Copy, in full, each line of the material that holds the word "color".

** Opening Records for this exercise block **

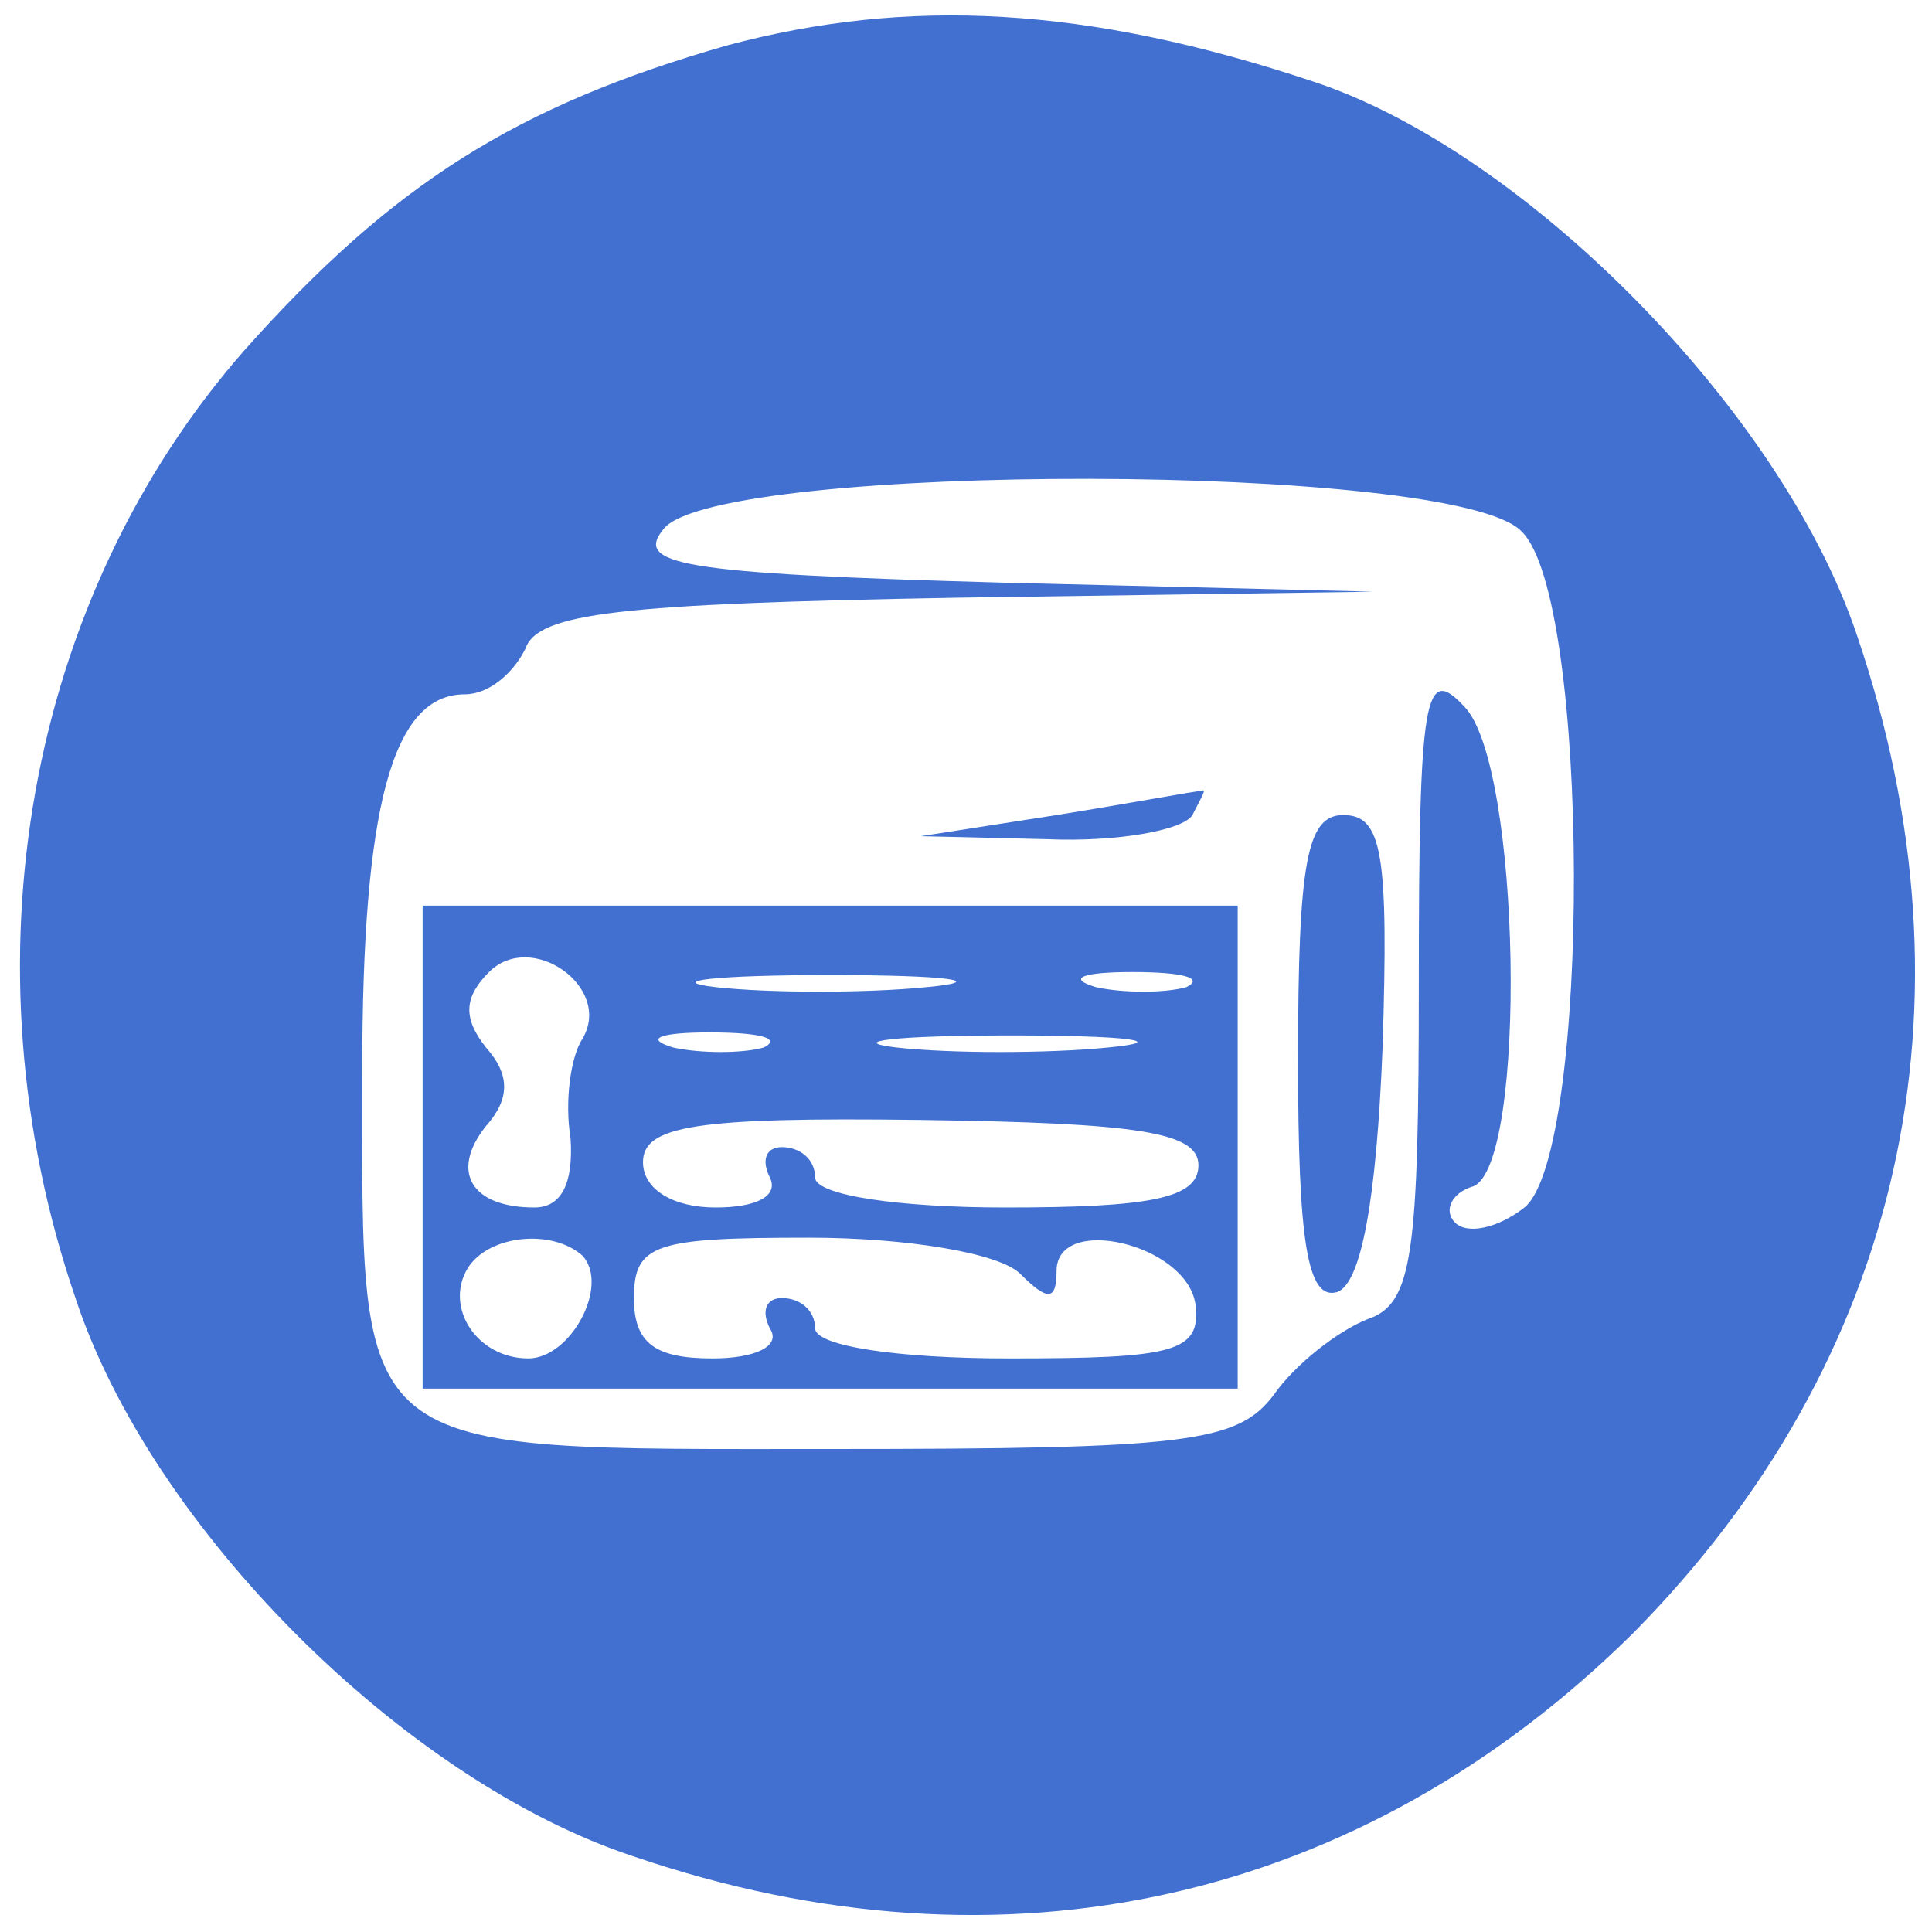 <svg version="1.0" xmlns="http://www.w3.org/2000/svg"
 width="20" height="20" viewBox="0 0 64 64"
 preserveAspectRatio="xMidYMid meet">
  <g transform="translate(0,64) scale(0.1,-0.1)"
fill="#4170d0" stroke="none">
    <path d="M241 625 c-70 -20 -111 -46 -160 -101 -72 -82 -94 -203 -56 -314 25
-76 109 -160 185 -185 123 -42 241 -15 331 74 89 90 116 208 74 331 -25 74
-110 160 -180 183 -75 25 -134 28 -194 12z m263 -161 c23 -22 23 -206 1 -224
-9 -7 -19 -9 -23 -5 -4 4 -1 10 6 12 18 7 16 140 -3 159 -13 14 -15 4 -15 -91
0 -91 -2 -107 -17 -112 -10 -4 -24 -15 -31 -25 -12 -16 -29 -18 -147 -18 -160
0 -155 -4 -155 125 0 88 10 125 34 125 8 0 16 7 20 15 4 12 31 15 143 17 l138
2 -123 3 c-108 3 -122 6 -112 18 19 22 262 22 284 -1z"/>
    <path d="M350 370 l-45 -7 42 -1 c23 -1 45 3 48 8 3 6 5 9 3 8 -2 0 -23 -4
-48 -8z"/>
    <path d="M430 289 c0 -60 3 -80 13 -77 8 3 13 31 15 81 2 64 0 77 -13 77 -12
0 -15 -15 -15 -81z"/>
    <path d="M140 260 l0 -80 135 0 135 0 0 80 0 80 -135 0 -135 0 0 -80z m53 36
c-4 -6 -6 -21 -4 -33 1 -15 -3 -23 -12 -23 -21 0 -28 12 -16 27 8 9 8 17 0 26
-8 10 -7 17 1 25 14 14 41 -5 31 -22z m114 17 c-20 -2 -52 -2 -70 0 -17 2 0 4
38 4 39 0 53 -2 32 -4z m86 0 c-7 -2 -21 -2 -30 0 -10 3 -4 5 12 5 17 0 24 -2
18 -5z m-140 -20 c-7 -2 -21 -2 -30 0 -10 3 -4 5 12 5 17 0 24 -2 18 -5z m114
0 c-20 -2 -52 -2 -70 0 -17 2 0 4 38 4 39 0 53 -2 32 -4z m30 -39 c0 -11 -16
-14 -64 -14 -35 0 -63 4 -63 10 0 6 -5 10 -11 10 -5 0 -7 -4 -4 -10 3 -6 -4
-10 -18 -10 -14 0 -24 6 -24 15 0 12 17 15 92 14 72 -1 92 -4 92 -15z m-204
-30 c9 -10 -4 -34 -18 -34 -17 0 -28 17 -20 30 7 11 28 13 38 4z m145 -6 c9
-9 12 -9 12 1 0 19 43 9 46 -11 2 -16 -7 -18 -62 -18 -36 0 -64 4 -64 10 0 6
-5 10 -11 10 -5 0 -7 -4 -4 -10 4 -6 -5 -10 -19 -10 -19 0 -26 5 -26 20 0 18
7 20 58 20 32 0 63 -5 70 -12z"/>
  </g>
</svg>
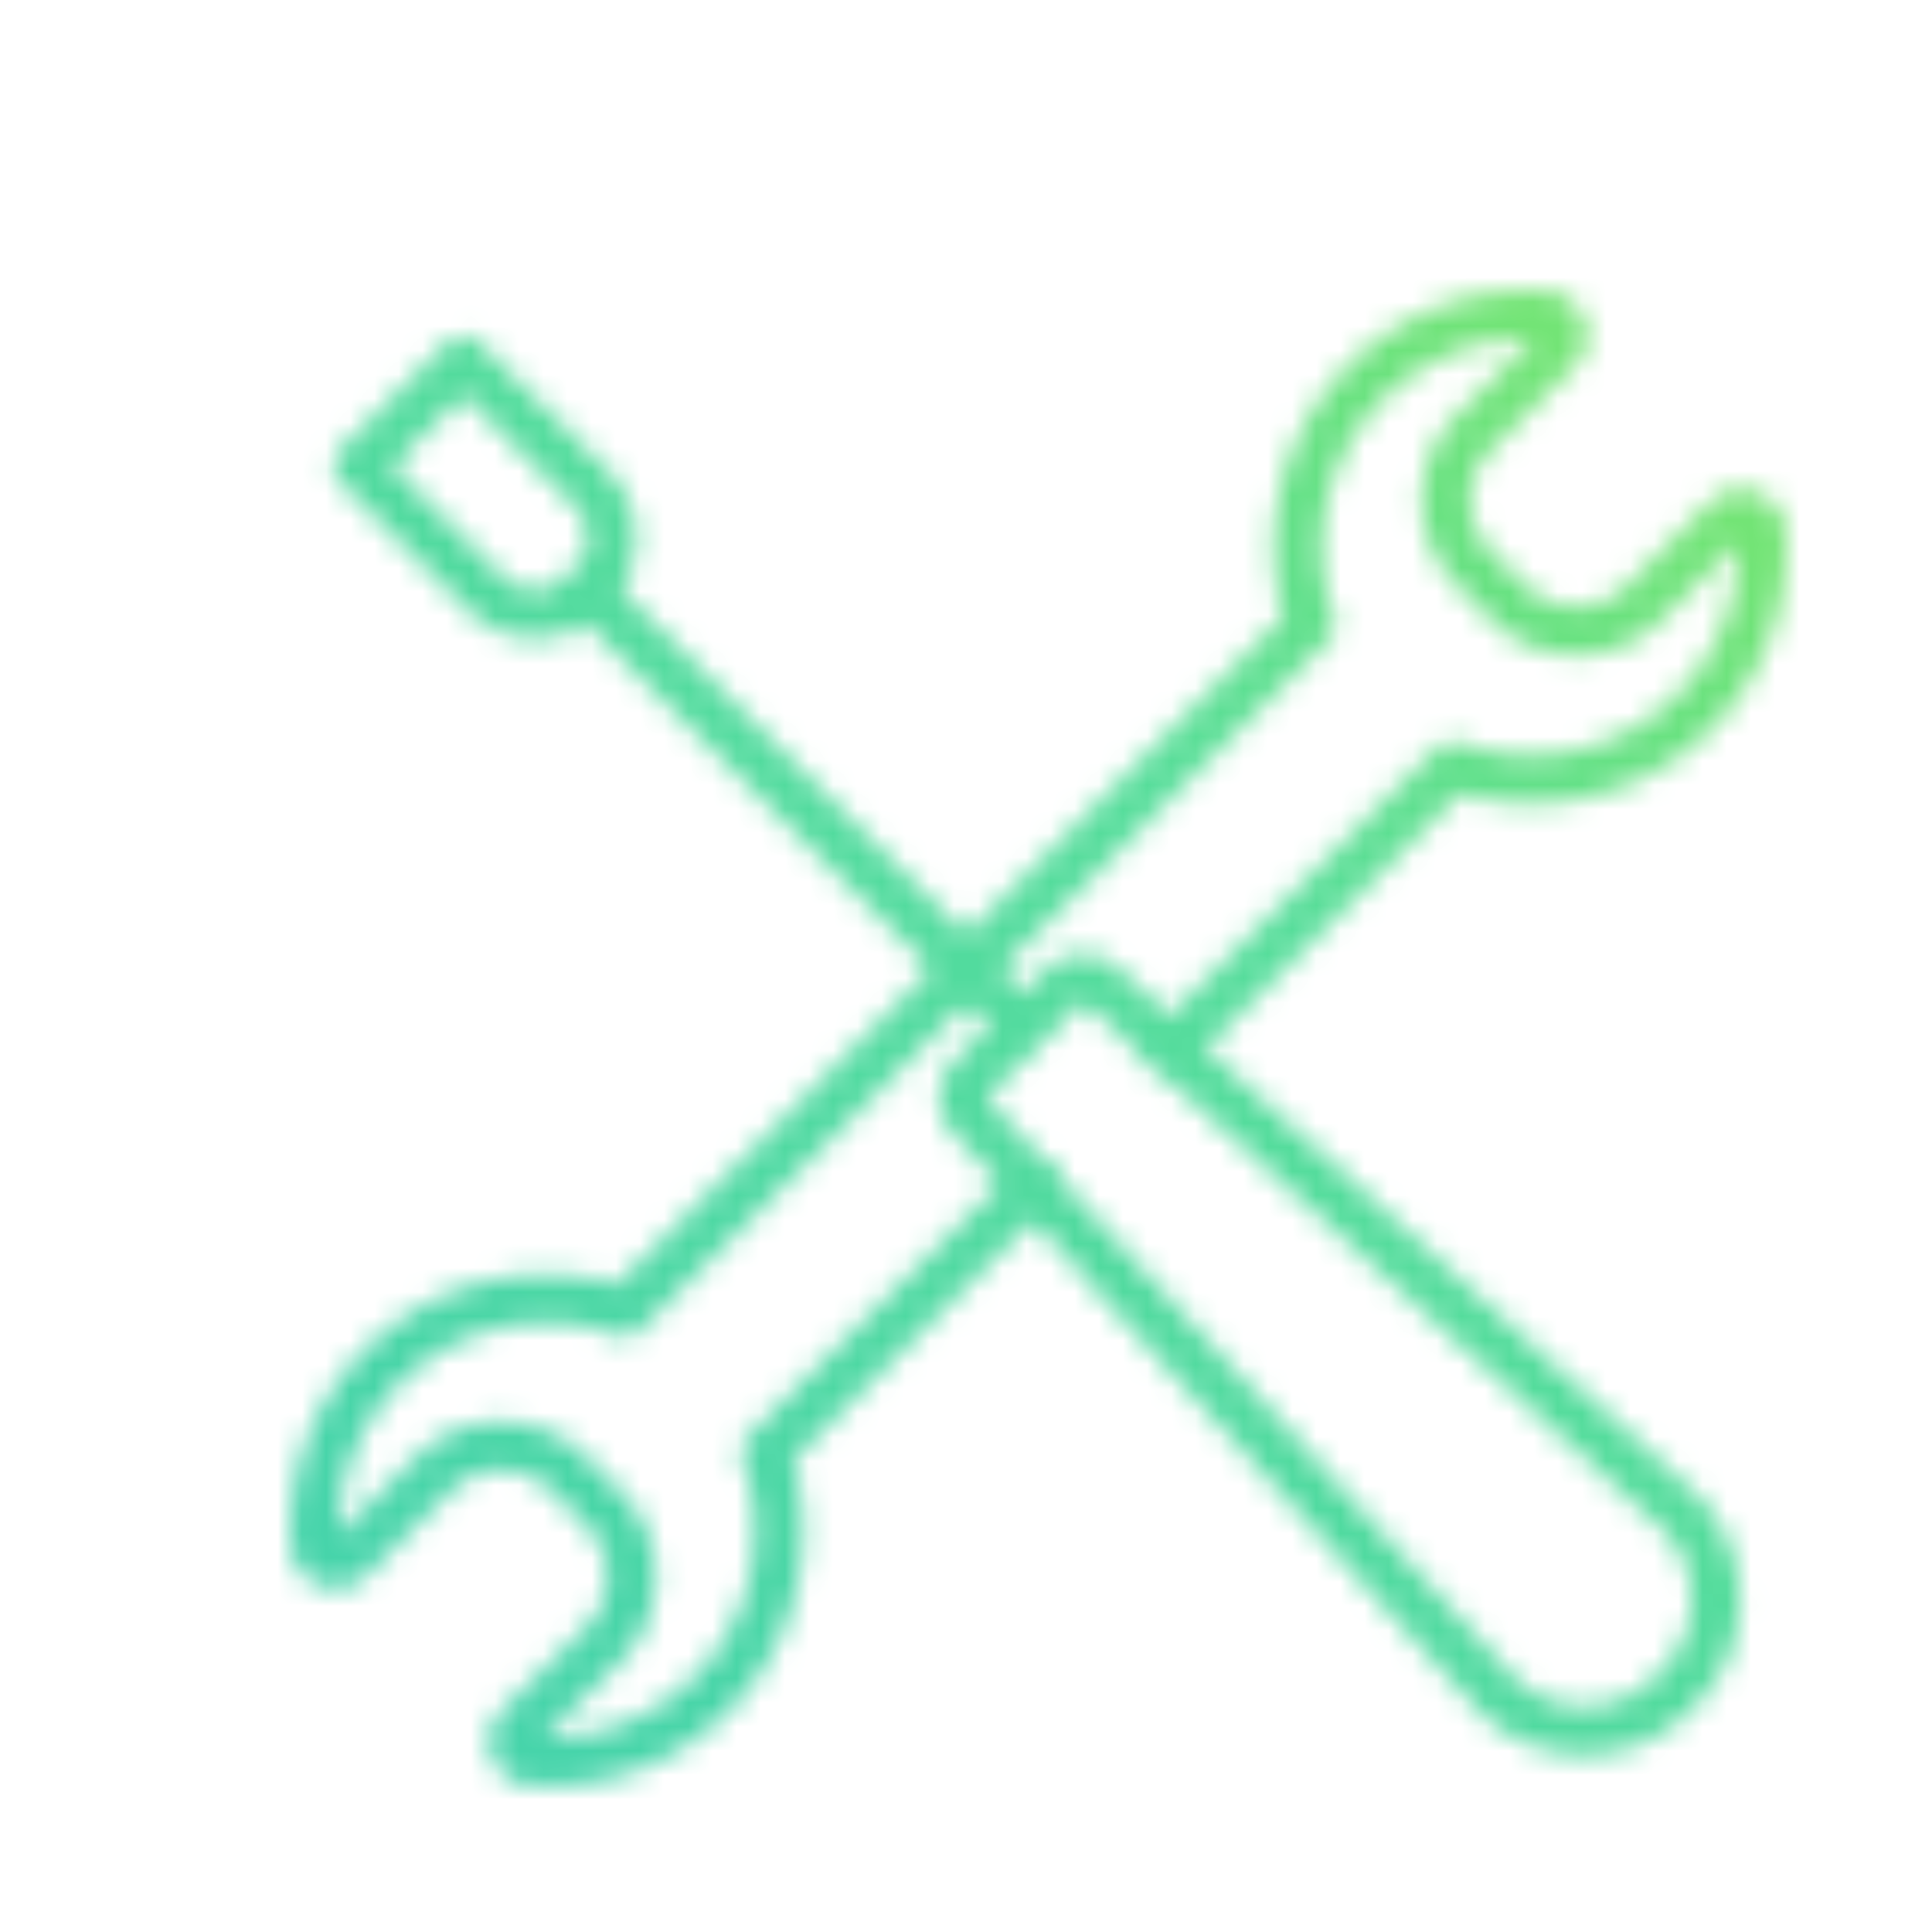<svg xmlns="http://www.w3.org/2000/svg" width="80" height="80" viewBox="0 0 80 80">

  <defs>
    <linearGradient id="svg-defs-gradient-icon-learn-the-basics" x1="15" y1="65" x2="65" y2="15" gradientUnits="userSpaceOnUse">
      <stop offset="0" stop-color="#46d4aa"/>
      <stop offset="0.65" stop-color="#56dd9a"/>
      <stop offset="1" stop-color="#72e475"/>
    </linearGradient>
    <mask id="svg-defs-mask-icon-learn-the-basics">
      <path class="uk-preserve" d="M66.539,66.855l-.3.3a5.141,5.141,0,0,1-7.259,0L37.235,43.277a1.16,1.16,0,0,1,0-1.639h0l3.779-3.779a1.16,1.16,0,0,1,1.639,0h0L66.539,59.6A5.142,5.142,0,0,1,66.539,66.855Z" fill="none" stroke="#fff" stroke-linecap="round" stroke-linejoin="round" stroke-width="2"/>
      <path class="uk-preserve" d="M11.838,16.3,16.2,11.94h0L21.471,17.2a2.968,2.968,0,0,1,0,4.2l0,0h0l-.17.17a2.97,2.97,0,0,1-4.2,0l0,0h0L11.827,16.3h.011Z" fill="none" stroke="#fff" stroke-linecap="round" stroke-linejoin="round" stroke-width="2"/>
      <line class="uk-preserve" x1="39.215" y1="39.339" x2="21.364" y2="21.488" fill="none" stroke="#fff" stroke-linecap="round" stroke-linejoin="round" stroke-width="2"/>
      <path class="uk-preserve" d="M39.79,46.087,28.709,57.168a9.581,9.581,0,0,1-9.676,12.774.82.82,0,0,1-.521-1.406l3.47-3.438a3.992,3.992,0,0,0,0-5.641l-1.4-1.405a3.991,3.991,0,0,0-5.642,0L11.5,61.49a.831.831,0,0,1-1.448-.575,9.58,9.58,0,0,1,12.784-9.58L51.275,22.84a9.7,9.7,0,0,1,2.065-9.772,9.583,9.583,0,0,1,7.611-3.012.83.83,0,0,1,.521,1.416L58.045,14.9a3.991,3.991,0,0,0,0,5.642l1.405,1.416a3.993,3.993,0,0,0,5.642,0l3.438-3.439a.83.83,0,0,1,1.415.543,9.58,9.58,0,0,1-12.773,9.665L45.463,40.435" fill="none" stroke="#fff" stroke-linecap="round" stroke-linejoin="round" stroke-width="2"/>
    </mask>
  </defs>

  <rect class="uk-preserve" x="3" y="3" width="74" height="74" fill="url(#svg-defs-gradient-icon-learn-the-basics)" mask="url(#svg-defs-mask-icon-learn-the-basics)"/>

</svg>

** Closing Records for this exercise block **

--- Answer section ---
      <stop offset="0" stop-color="#46d4aa"/>
      <stop offset="0.65" stop-color="#56dd9a"/>
      <stop offset="1" stop-color="#72e475"/>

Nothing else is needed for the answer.